A finite series is given by all the terms of a finite sequence, added together. An infinite series is the sum of an infinite sequence of numbers. It is represented in the form $\sum_{n=1}^\infty a_n = a_1 + a_2 + a_3 + ···$ where an represents the terms of the sequence, and n is the index that ranges from 1 to infinite.

A series is convergent (or converges) if the sequence of its partial sums tends to a limit, that is, l = $\lim_{n \to ∞} \sum_{k=1}^n a_k$ exists and is a finite number. More precisely, if there exists a number l (or S) such that for every arbitrary small positive number ε, there is a (sufficient large) N, such that ∀n ≥ N, |Sn -l| < ε where Sn = $\sum_{k=1}^n a_k = a_1 + a_2 + ··· + a_n$. If the series is convergent, the number l is called the sum of the series. On the contrary, any series that is not convergent ($\lim_{n \to ∞} \sum_{k=1}^n a_k$ does not exist) is said to be divergent or to diverge.

A geometric series is a specific type of infinite series where each term is obtained by multiplying the previous term by a fixed, non-zero constant.

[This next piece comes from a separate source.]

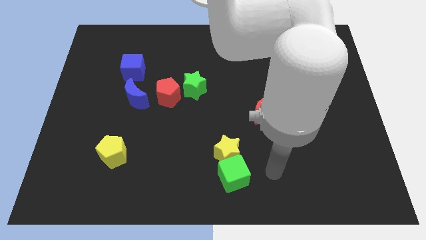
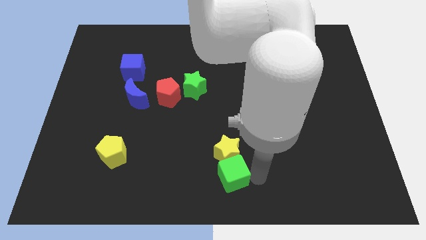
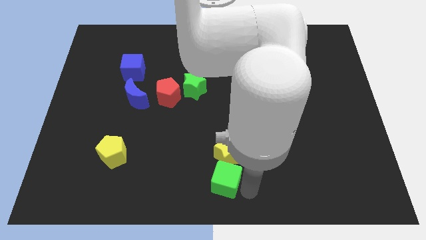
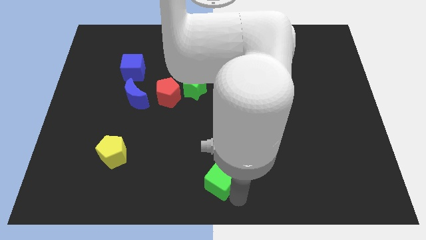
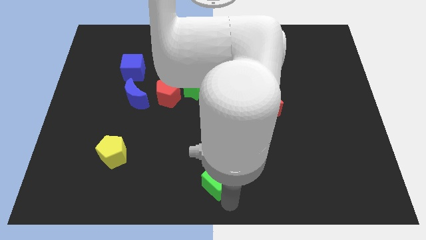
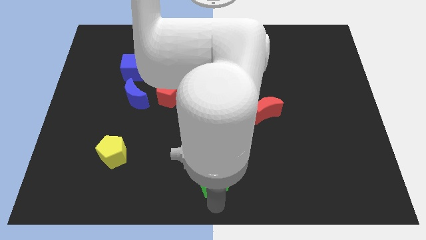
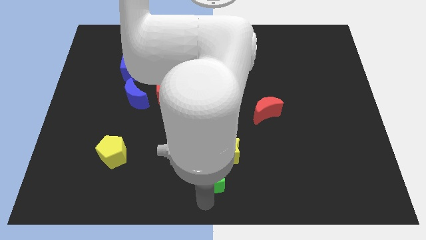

The general form of a geometric series is: $\sum_{n=0}^\infty a_n = \sum_{n=0}^\infty ar^n = a + ar + ar^2 + ar^3 + ···$

$S_n = a + ar + ar^2 + ar^3 + ··· + ar^{n-1}$ ⇒[Multiplying both sides of the equation by r] $rS_n = ar + ar^2 + ar^3 + ar^4 + ··· + ar^{n}$ ⇒[Subtracting these equations we then obtain] $S_n -rS_n = a - ar^{n} ⇒ S_n(1-r) = a(1-r^n) ⇒$[r≠1, we can divide both sides by 1-r and obtain the formula for the nth partial sum of a geometric sequence] $S_n = \frac{a(1-r^n)}{1-r}$

If |r| < 1, $\lim_{n \to ∞}S_n = \lim_{n \to ∞} \frac{a(1-r^n)}{1-r} = \frac{a(1-0)}{1-r} = \frac{a}{1-r}$. Otherwise, |r| > 1, the series diverges.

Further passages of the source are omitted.